1. What does M1V1 = M2V2 stand for?

It stands for Molarity_initial × Volume_initial = Molarity_final × Volume_final. It’s the core equation for calculating dilutions.

2. Can I use different units for V1 and V2?

Yes, this smart calculator automatically converts between Liters (L), milliliters (mL), and microliters (µL) to ensure the calculation is correct. Manually, you would need to convert them to the same unit first.

3. What if my starting concentration is in percent (%)?

The M1V1=M2V2 formula is designed for molar concentrations. To use it with percent solutions, you would first need to convert the % concentration to molarity, which requires knowing the molecular weight of the solute.
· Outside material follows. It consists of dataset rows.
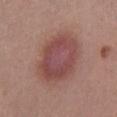* biopsy status · catalogued during a skin exam; not biopsied
* imaging modality · ~15 mm crop, total-body skin-cancer survey
* subject · male, approximately 60 years of age
* body site · the left lower leg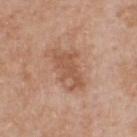Assessment:
Recorded during total-body skin imaging; not selected for excision or biopsy.
Image and clinical context:
A male patient, aged 48–52. A roughly 15 mm field-of-view crop from a total-body skin photograph. Located on the front of the torso.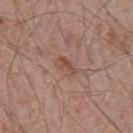Q: Was this lesion biopsied?
A: catalogued during a skin exam; not biopsied
Q: Patient demographics?
A: male, aged 68 to 72
Q: What is the lesion's diameter?
A: ~3 mm (longest diameter)
Q: Automated lesion metrics?
A: border irregularity of about 2.5 on a 0–10 scale, internal color variation of about 3 on a 0–10 scale, and peripheral color asymmetry of about 1
Q: Illumination type?
A: white-light
Q: What is the anatomic site?
A: the chest
Q: What is the imaging modality?
A: 15 mm crop, total-body photography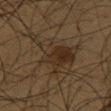Q: Was this lesion biopsied?
A: total-body-photography surveillance lesion; no biopsy
Q: Lesion location?
A: the chest
Q: How was this image acquired?
A: ~15 mm tile from a whole-body skin photo
Q: Who is the patient?
A: male, aged around 60
Q: Automated lesion metrics?
A: a lesion color around L≈22 a*≈9 b*≈20 in CIELAB and a normalized border contrast of about 6.5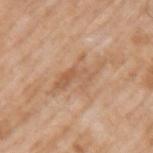Assessment:
Captured during whole-body skin photography for melanoma surveillance; the lesion was not biopsied.
Image and clinical context:
On the left upper arm. A male patient aged 58–62. A lesion tile, about 15 mm wide, cut from a 3D total-body photograph.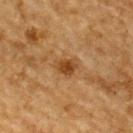The lesion was tiled from a total-body skin photograph and was not biopsied.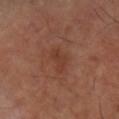Q: Was a biopsy performed?
A: imaged on a skin check; not biopsied
Q: What is the imaging modality?
A: ~15 mm tile from a whole-body skin photo
Q: What is the anatomic site?
A: the arm
Q: Lesion size?
A: ~3 mm (longest diameter)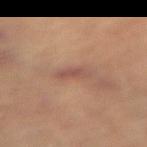Assessment: Captured during whole-body skin photography for melanoma surveillance; the lesion was not biopsied. Acquisition and patient details: A female patient, approximately 65 years of age. The tile uses cross-polarized illumination. On the left leg. A 15 mm crop from a total-body photograph taken for skin-cancer surveillance.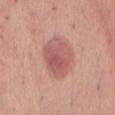Part of a total-body skin-imaging series; this lesion was reviewed on a skin check and was not flagged for biopsy.
The lesion is located on the front of the torso.
This is a white-light tile.
A male patient aged approximately 35.
Approximately 5 mm at its widest.
The lesion-visualizer software estimated an area of roughly 15 mm², an outline eccentricity of about 0.7 (0 = round, 1 = elongated), and two-axis asymmetry of about 0.1. And it measured a lesion color around L≈57 a*≈27 b*≈24 in CIELAB and a normalized lesion–skin contrast near 7. The analysis additionally found a border-irregularity index near 1/10, a within-lesion color-variation index near 4.5/10, and peripheral color asymmetry of about 1.5. The software also gave a classifier nevus-likeness of about 90/100 and a detector confidence of about 100 out of 100 that the crop contains a lesion.
A roughly 15 mm field-of-view crop from a total-body skin photograph.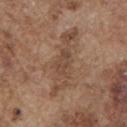<record>
<biopsy_status>not biopsied; imaged during a skin examination</biopsy_status>
<site>front of the torso</site>
<lesion_size>
  <long_diameter_mm_approx>3.5</long_diameter_mm_approx>
</lesion_size>
<image>
  <source>total-body photography crop</source>
  <field_of_view_mm>15</field_of_view_mm>
</image>
<lighting>white-light</lighting>
<patient>
  <sex>male</sex>
  <age_approx>75</age_approx>
</patient>
</record>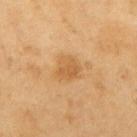- follow-up — catalogued during a skin exam; not biopsied
- acquisition — ~15 mm crop, total-body skin-cancer survey
- site — the right upper arm
- lesion size — ~3 mm (longest diameter)
- automated metrics — a mean CIELAB color near L≈59 a*≈20 b*≈42, about 8 CIELAB-L* units darker than the surrounding skin, and a normalized lesion–skin contrast near 6; an automated nevus-likeness rating near 40 out of 100 and a detector confidence of about 100 out of 100 that the crop contains a lesion
- subject — male, approximately 60 years of age
- tile lighting — cross-polarized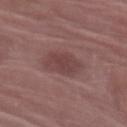| feature | finding |
|---|---|
| follow-up | no biopsy performed (imaged during a skin exam) |
| image source | ~15 mm crop, total-body skin-cancer survey |
| subject | female, approximately 70 years of age |
| site | the left forearm |
| automated lesion analysis | a lesion area of about 9.5 mm² and a symmetry-axis asymmetry near 0.15; an average lesion color of about L≈42 a*≈21 b*≈19 (CIELAB) and roughly 8 lightness units darker than nearby skin; border irregularity of about 2 on a 0–10 scale, a within-lesion color-variation index near 2/10, and radial color variation of about 0.5; a classifier nevus-likeness of about 10/100 and a lesion-detection confidence of about 100/100 |
| size | ≈4 mm |
| tile lighting | white-light |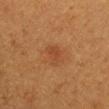Findings:
– follow-up · imaged on a skin check; not biopsied
– illumination · cross-polarized
– body site · the arm
– automated lesion analysis · a mean CIELAB color near L≈36 a*≈21 b*≈30, a lesion–skin lightness drop of about 5, and a lesion-to-skin contrast of about 5 (normalized; higher = more distinct); a border-irregularity index near 3/10, a color-variation rating of about 1.5/10, and peripheral color asymmetry of about 0.5
– patient · female, aged around 40
– image source · 15 mm crop, total-body photography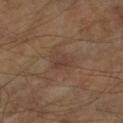{
  "biopsy_status": "not biopsied; imaged during a skin examination",
  "site": "right forearm",
  "automated_metrics": {
    "border_irregularity_0_10": 3.5,
    "color_variation_0_10": 2.0
  },
  "lighting": "cross-polarized",
  "image": {
    "source": "total-body photography crop",
    "field_of_view_mm": 15
  },
  "patient": {
    "sex": "male",
    "age_approx": 70
  }
}

4. How do I calculate the amount of solvent to add?

The calculator provides this value. It is calculated as Final Volume (V2) – Initial Volume (V1). You must ensure V1 and V2 are in the same units before subtracting.

5. Is this the same as a serial dilution?

The M1V1=M2V2 formula is used for a single dilution step. A serial dilution is a sequence of these dilutions, where the diluted solution from one step becomes the stock solution for the next. This formula is applied at each step.

6. Why is my result NaN?

NaN (Not a Number) appears if you enter non-numeric text or leave a required field blank. Please ensure all inputs are valid numbers.

7. Can this equation be used for normality (N)?

Yes, the principle is the same. The equation can be written as N1V1 = N2V2 for calculations involving normality.

8. What is the difference between molarity and moles?

Molarity (M) is a unit of concentration, defined as moles of solute per liter of solution. Moles are a unit of amount, representing a specific quantity of a substance (6.022 x 10²³ particles). You need a mass to molarity calculator to determine this from a solid.